Lael: I know, but the thing is I’m not going to win forever. And that’s great, because more people should be trying it! They should come beat me! Of course, I want to do everything I can to keep doing my best and keep winning, but you have to want the best people to be out there getting good results because that’s what’s going to make the sport grow. And I think that’s exciting, and I want more women to do that. Because I feel like having more numbers makes a greater impression too. This past race, having three women instead of one in the top ten, that’s huge! Because if you’ve got just one woman, they could be an outlier. But three? Then it starts becoming really real. I’m a fan of that for the sport. And I don’t always want to race anyway. I just love riding in any capacity. But I am fascinated that women can really do well in these races. 

Laura: And what is your hope for the next generation of cyclists? What is your ideal situation for cycling as a sport, and how do you want women to approach it?

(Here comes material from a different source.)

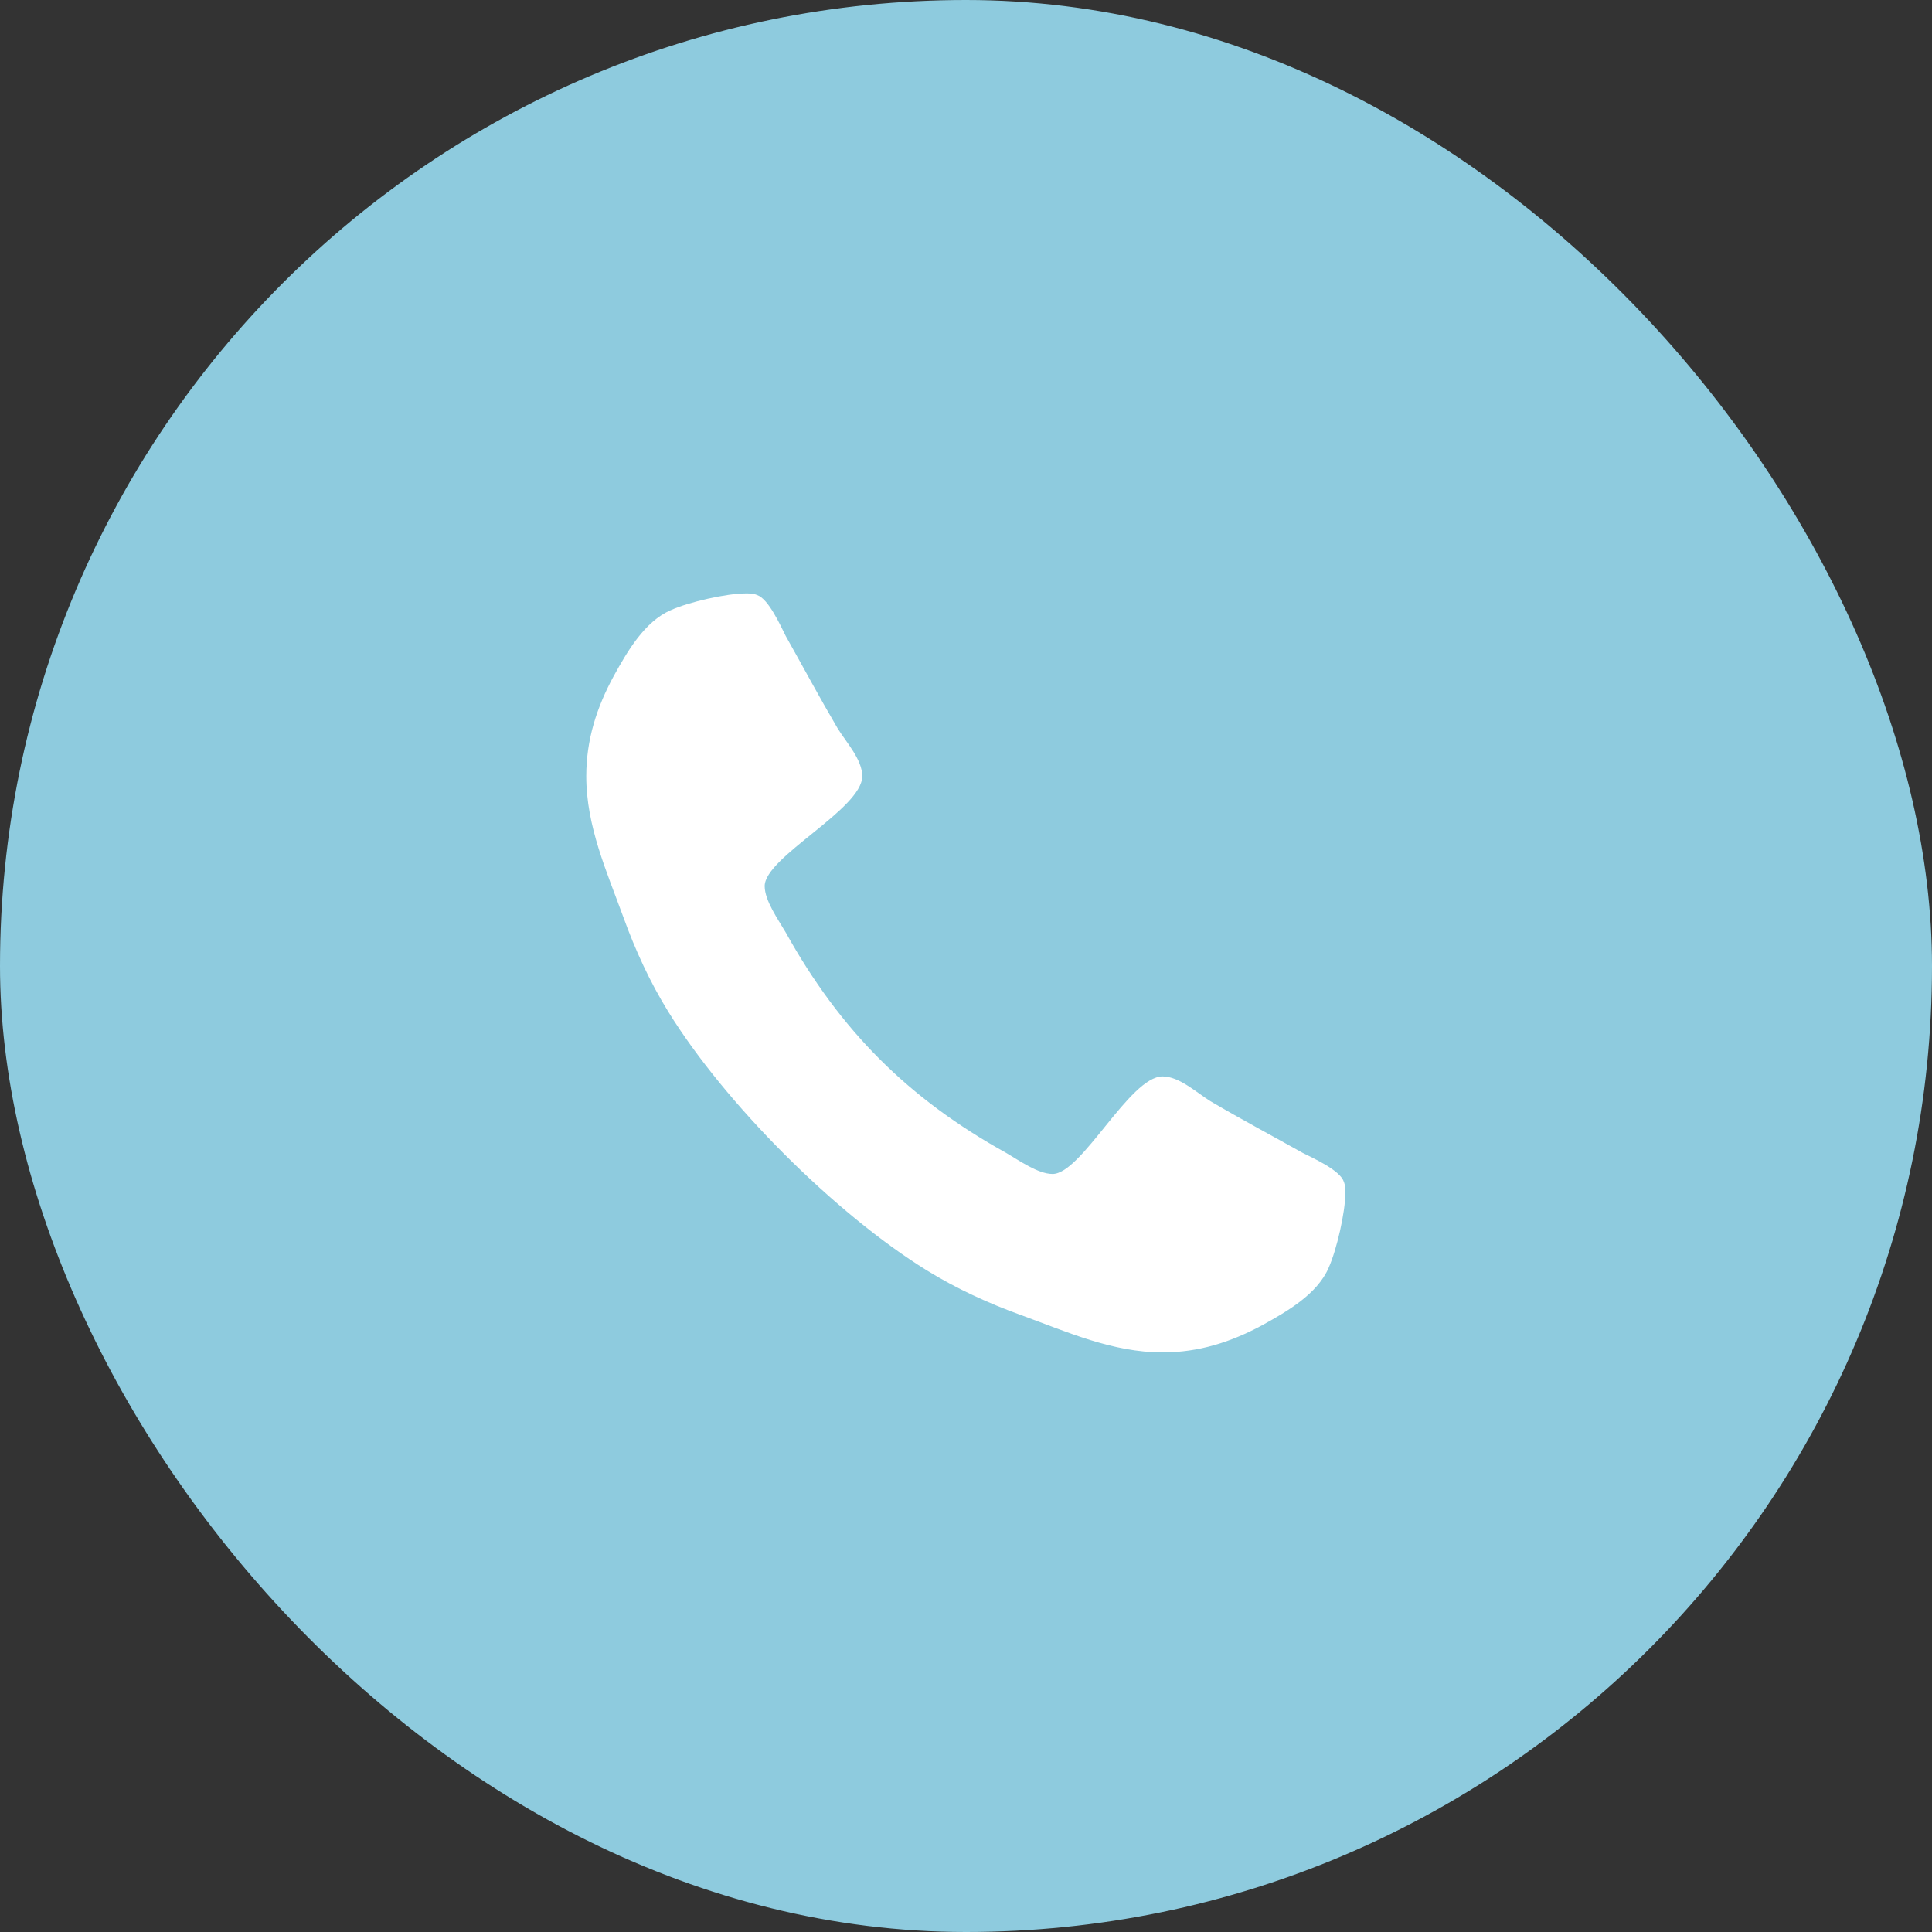 <?xml version="1.0" encoding="UTF-8"?> <svg xmlns:xlink="http://www.w3.org/1999/xlink" xmlns="http://www.w3.org/2000/svg" width="20" height="20" viewBox="0 0 20 20" fill="none"><rect x="0" y="0" width="20" height="20" fill="#333333" stroke="none"/><rect width="20" height="20" rx="10" fill="#8ECBDE"></rect><path d="M13.927 12.348C13.927 12.309 13.927 12.27 13.91 12.231C13.871 12.114 13.597 11.991 13.486 11.935C13.168 11.757 12.844 11.584 12.531 11.4C12.386 11.31 12.208 11.143 12.035 11.143C11.694 11.143 11.198 12.153 10.896 12.153C10.746 12.153 10.55 12.013 10.416 11.935C9.401 11.372 8.698 10.668 8.134 9.653C8.056 9.519 7.916 9.324 7.916 9.173C7.916 8.872 8.926 8.375 8.926 8.035C8.926 7.862 8.759 7.683 8.67 7.538C8.486 7.225 8.313 6.902 8.134 6.584C8.078 6.472 7.955 6.199 7.838 6.16C7.799 6.143 7.76 6.143 7.721 6.143C7.52 6.143 7.13 6.232 6.945 6.316C6.672 6.433 6.493 6.746 6.354 6.997C6.175 7.326 6.069 7.661 6.069 8.035C6.069 8.554 6.281 9.022 6.454 9.497C6.577 9.837 6.728 10.166 6.918 10.473C7.503 11.422 8.647 12.566 9.596 13.152C9.903 13.341 10.232 13.492 10.573 13.615C11.047 13.788 11.516 14 12.035 14C12.409 14 12.743 13.894 13.073 13.715C13.324 13.576 13.636 13.397 13.754 13.124C13.837 12.94 13.927 12.549 13.927 12.348Z" fill="white"></path></svg>

Lael: I just want the sport to grow, for more people to find joy in it. And I want it to become more like we’re relating to each other, we’re all doing the same thing. I feel like cycling can be so divided. Like, “You’re doing that, I’m not doing that, I’m doing this. I’m a mountain biker, you’re just a commuter.” But we’re all just riding bikes! So I hope we can start appreciating that more. Because it’s such a joy to ride! 

And I feel like any reason people get out there is just going to be an awesome part of their lives. That’s something I really want to share, especially with girls. Especially with middle school age because that’s when they stop participating in sports. I feel like cycling is such a great option because it’s generally not competitive. You can do it in groups, you can do it solo. It can actually be transportation. So I hope they can see that this is an opportunity. This is something they can do, that they can find some joy and confidence in. 

And that’s why I love doing the group program so much. Because some of these girls would never be riding bikes otherwise. And they love it — every kid loves to ride a bike. You just have to take the time to take them out there, because they’re probably not going to do it on their own. 

Laura: Absolutely. And what do the next few weeks look like for you? What cycling are you doing, and are you anticipating a lot more women in the rides coming up?

Lael: Yeah, I’m doing the Trans Balkan race starting next Friday. That route was developed by a woman. She and her partner are organizing the race. They’re Italian. The race goes across Slovenia, Croatia, Bosnia, and Montenegro. So I’m going to go to her house — I’ve never met her — and then we’ll go to the start together. And actually, I’ve never done a race organized by a woman before, so this is my first! So it’s super cool! I’m super excited about that. 

The races I’m doing now, I’m really being more selective about races with positive race directors that really care about including more people from different backgrounds, especially more women to be there. Because it’s always less than ten percent of the field. 

So that’s the next race, and then after that, I go to Kenya for a gravel stage race. And then Iceland for another gravel stage race. So a lot of travel in beautiful places. I’m just so grateful I get to do what I love. 

Laura: That’s awesome. Wow. Well Lael, is there anything else you want to share about riding, about nutrition, about joy?

Lael: I guess the thing I would end with is just for people to keep it fun. All of riding and adventure riding can get scary at times or kind of overwhelming, but ultimately it should be fun. Do the thing you want to do, have fun, take breaks, go with friends, get an ice cream at the gas station, keep it light. Just appreciating that we get a chance to ride is huge.